We caution you that forward-looking statements contained in this Form 10-K are subject to all of the risks and uncertainties, many of which are beyond our control, incident to the exploration for and development, production and sale of natural gas and oil. These risks include, but are not limited to, commodity price volatility, third-party interruption of



63 SWN



Table of Contents

 

sales to market, inflation, lack of availability of goods and services, environmental risks, drilling and other operating risks, regulatory changes, the uncertainty inherent in estimating proved natural gas and oil reserves and in projecting future rates of production and timing of development expenditures and the other risks described in Item 1A of Part I of this Form 10-K.


Estimates of our proved natural gas and oil reserves and the estimated future net revenues from such reserves in this Form 10-K are based upon various assumptions, including assumptions required by the SEC relating to natural gas and oil prices, drilling and operating expenses, capital investments, taxes and availability of funds. The process of estimating natural gas and oil reserves is complex. This process requires significant decisions and assumptions in the evaluation of available geological, geophysical, engineering and economic data for each reservoir.
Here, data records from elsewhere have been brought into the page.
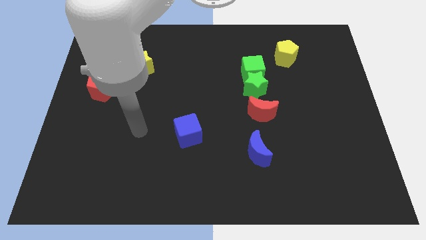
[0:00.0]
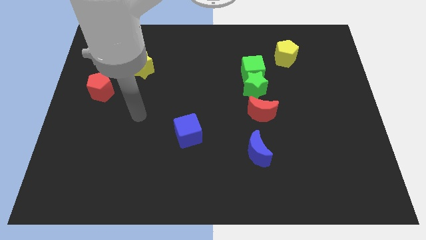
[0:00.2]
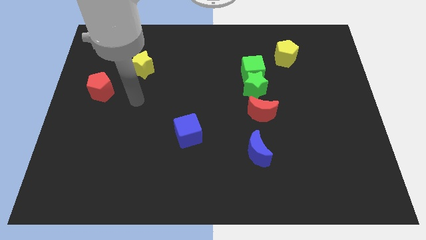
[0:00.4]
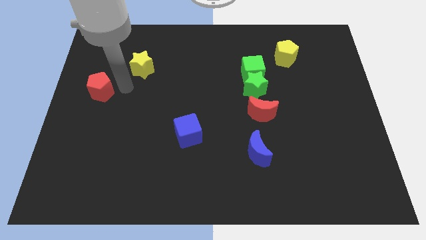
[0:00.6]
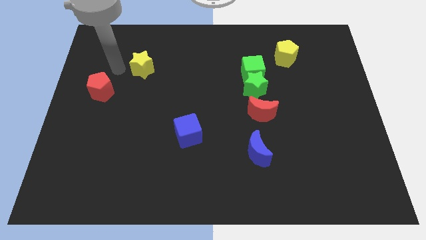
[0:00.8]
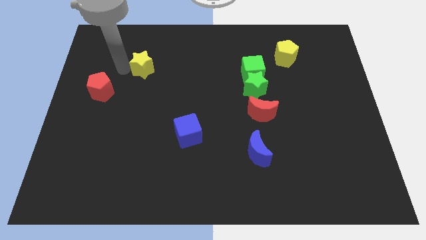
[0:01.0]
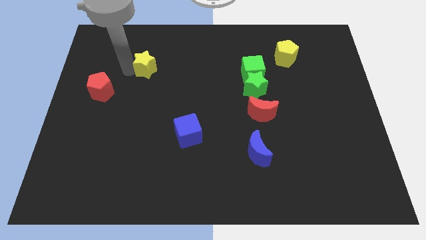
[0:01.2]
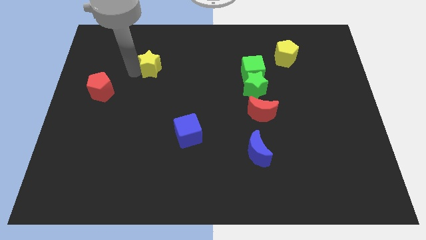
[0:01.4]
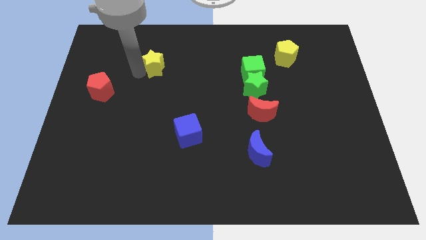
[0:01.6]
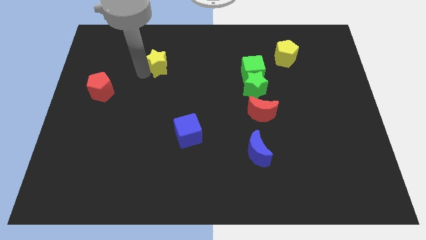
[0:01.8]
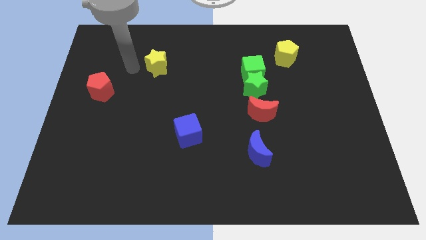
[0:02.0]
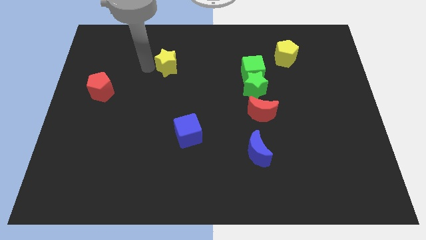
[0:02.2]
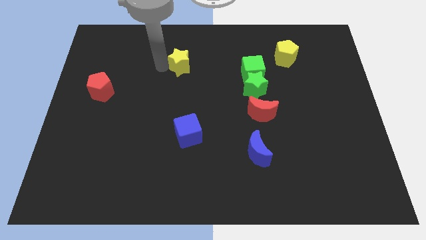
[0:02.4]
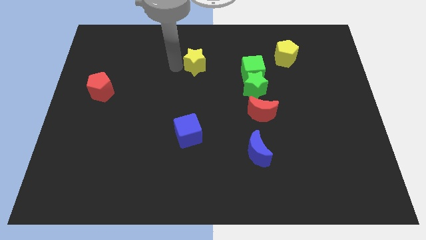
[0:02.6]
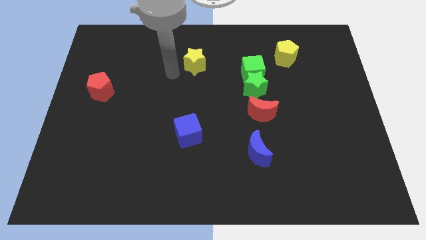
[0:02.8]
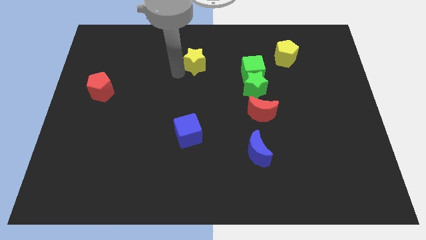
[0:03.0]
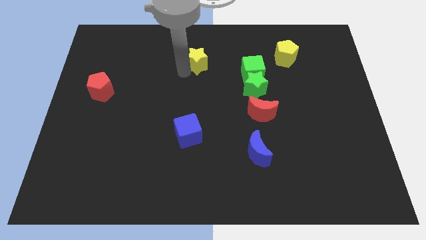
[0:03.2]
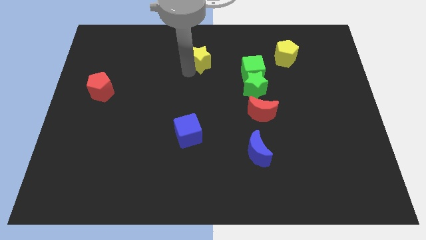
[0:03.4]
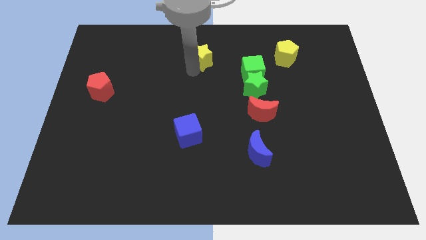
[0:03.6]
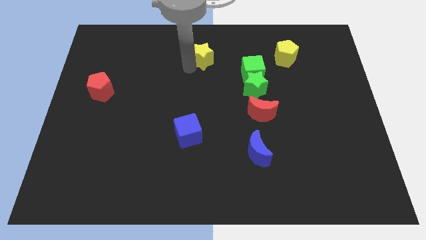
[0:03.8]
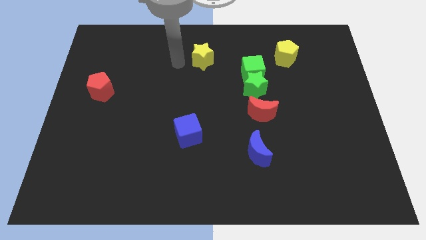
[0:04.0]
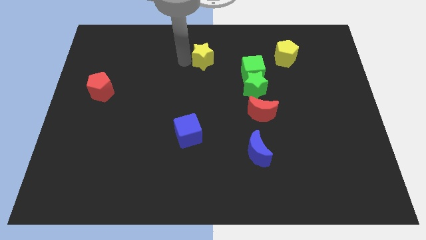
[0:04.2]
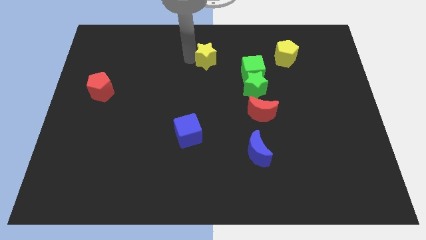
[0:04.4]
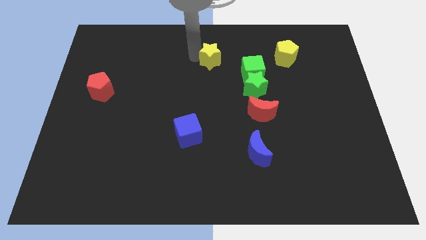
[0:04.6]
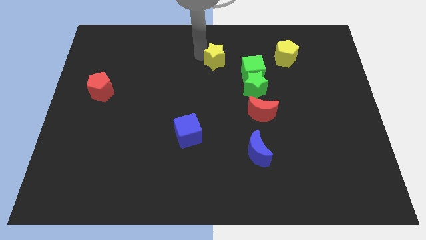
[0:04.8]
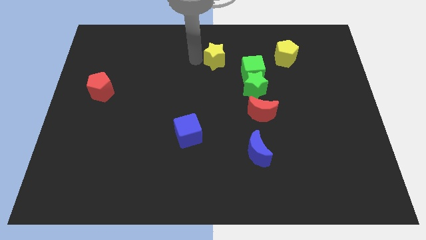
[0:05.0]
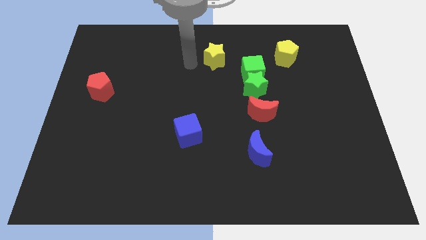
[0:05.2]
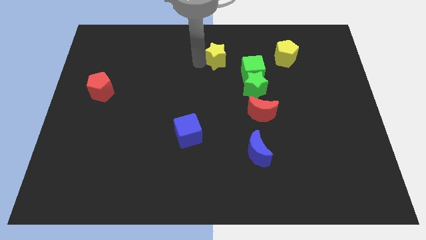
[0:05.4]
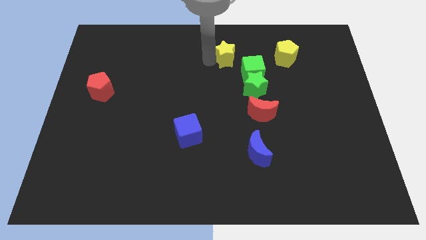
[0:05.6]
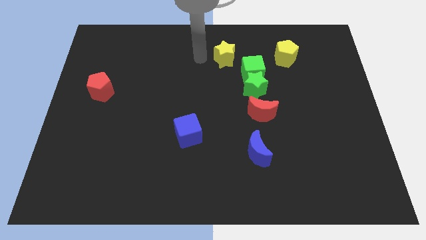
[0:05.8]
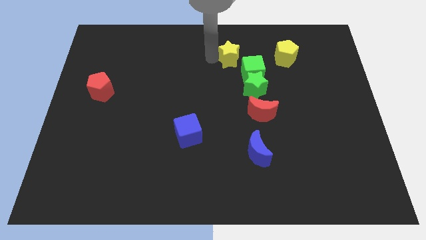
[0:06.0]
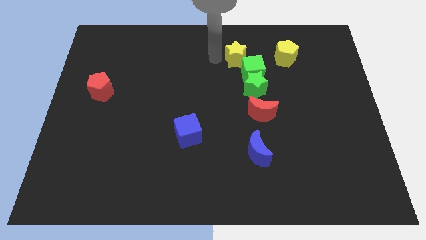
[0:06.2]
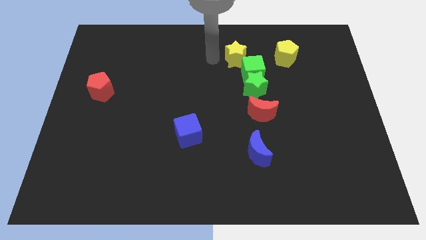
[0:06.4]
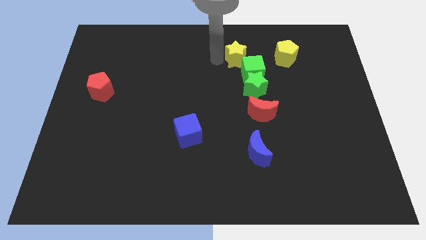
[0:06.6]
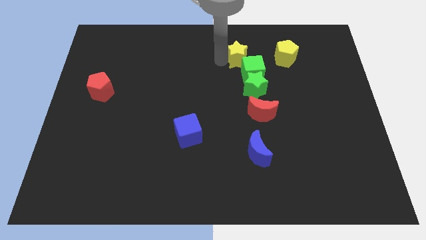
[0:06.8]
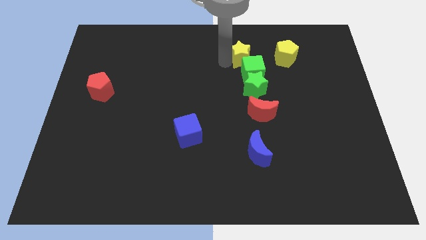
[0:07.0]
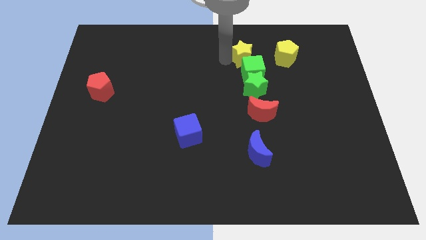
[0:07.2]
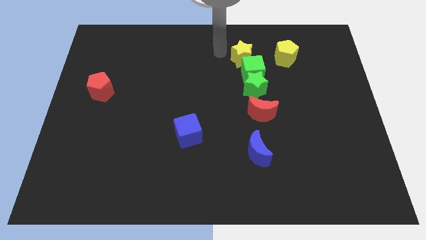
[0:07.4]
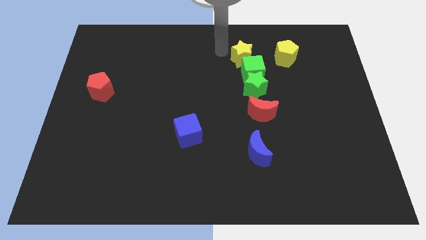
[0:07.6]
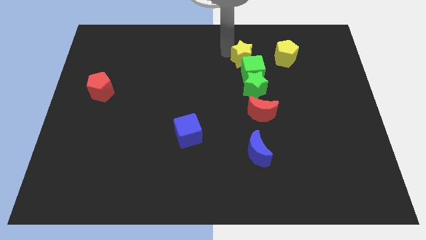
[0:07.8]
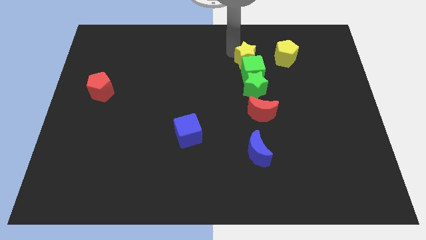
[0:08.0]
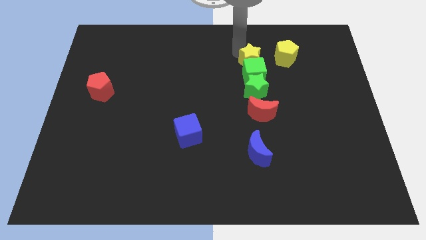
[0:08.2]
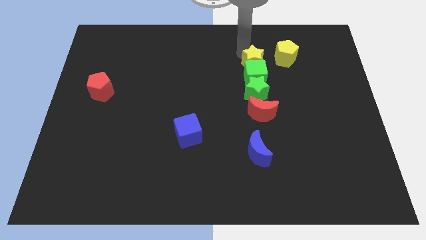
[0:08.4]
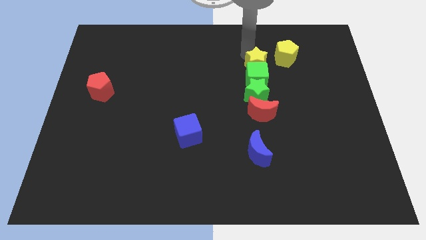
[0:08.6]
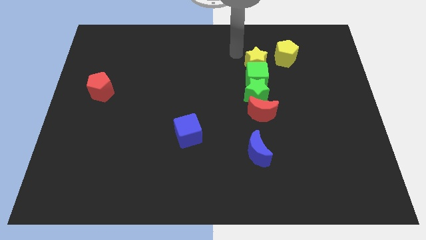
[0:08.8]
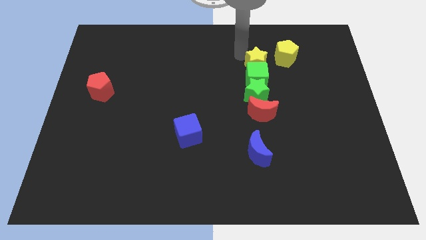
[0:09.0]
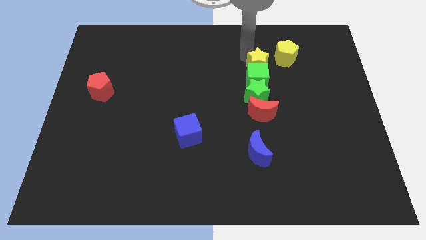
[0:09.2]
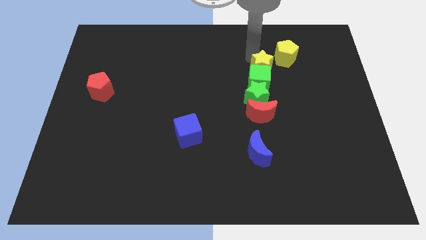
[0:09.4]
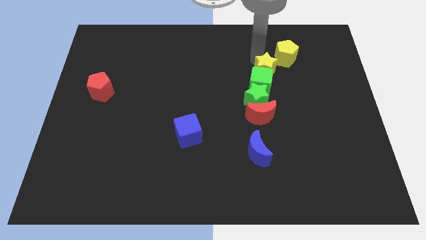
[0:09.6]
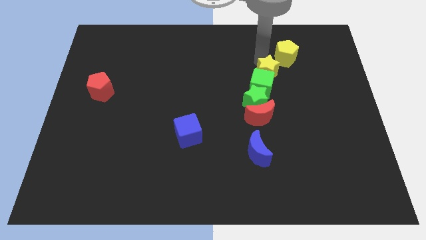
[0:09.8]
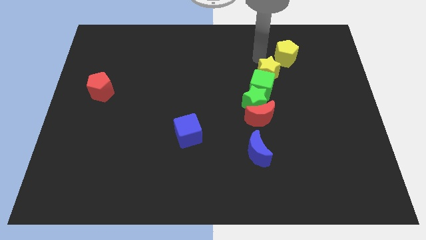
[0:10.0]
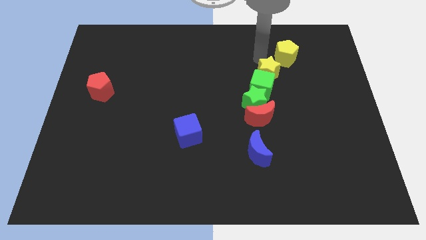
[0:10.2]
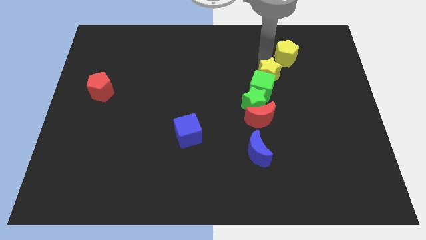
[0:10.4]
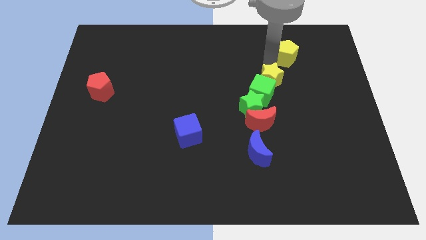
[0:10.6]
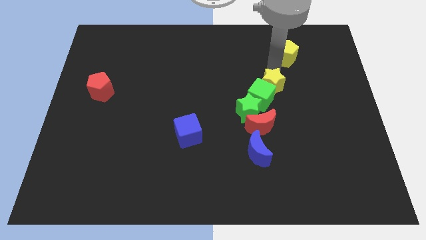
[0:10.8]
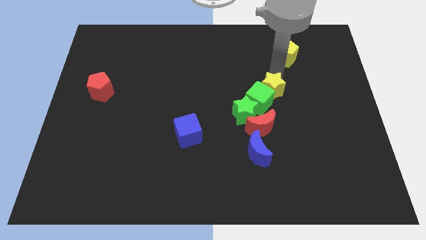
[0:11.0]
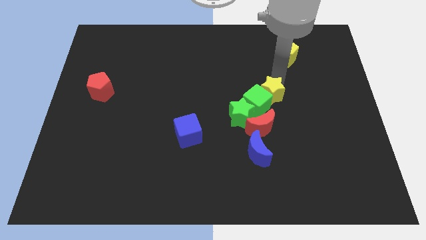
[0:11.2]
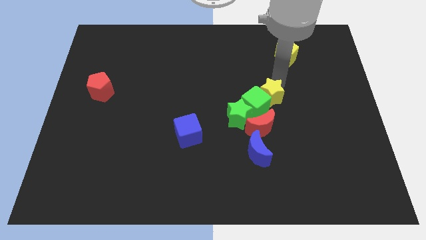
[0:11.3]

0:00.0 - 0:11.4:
move the yellow star to the top right side of the red moon

Therefore, those estimates are inherently imprecise.


Actual future production, natural gas and oil prices, revenues, taxes, development costs, operating expenses and quantities of recoverable natural gas and oil reserves will most likely vary from those estimated. Such variances may be material. Any significant variance could materially affect the estimated quantities and present value of reserves set forth in this Form 10-K. Our properties may also be susceptible to hydrocarbon drainage from production by other operators on adjacent properties. In addition, we may adjust estimates of proved reserves to reflect production history, results of exploration and development, prevailing natural gas and oil prices and other factors, many of which are beyond our control.


At December 31, 2011, approximately 45% of our estimated proved reserves were proved undeveloped and 1% were proved developed non-producing. Proved undeveloped reserves and proved developed non-producing reserves, by their nature, are less certain than proved developed producing reserves. Estimates of reserves in the non-producing categories are nearly always based on volumetric calculations rather than the performance data used to estimate producing reserves. Recovery of proved undeveloped reserves requires significant capital expenditures and successful drilling operations. Recovery of proved developed non-producing reserves requires capital expenditures to recomplete into the zones behind pipe and is subject to the risk of a successful recompletion. Production revenues from proved undeveloped and proved developed non-producing reserves will not be realized, if at all, until sometime in the future.


The reserve data assumes that we will make significant capital investments to develop our reserves. Although we have prepared estimates of our natural gas and oil reserves and the costs associated with these reserves in accordance with industry standards, we cannot assure you that the estimated costs are accurate, that development will occur as scheduled or that the actual results will be as estimated.


You should not assume that the present value of future net cash flows referred to in this Form 10-K is the current fair value of our estimated natural gas and oil reserves. In accordance with SEC requirements, the estimated discounted future net cash flows from proved reserves are generally based on average prices over the preceding twelve months and costs as of the date of the estimate. Actual future prices and costs may be materially higher or lower than the average prices and costs as of the date of the estimate. Any changes in consumption by gas purchasers or in governmental regulations or taxation could also affect actual future net cash flows. The timing of both the production and the expenses from the development and production of natural gas and oil properties will affect the timing of actual future net cash flows from proved reserves and their present value. In addition, the 10% discount factor, which is required by the SEC to be used in calculating discounted future net cash flows for reporting purposes, is not necessarily the most accurate discount factor for our company.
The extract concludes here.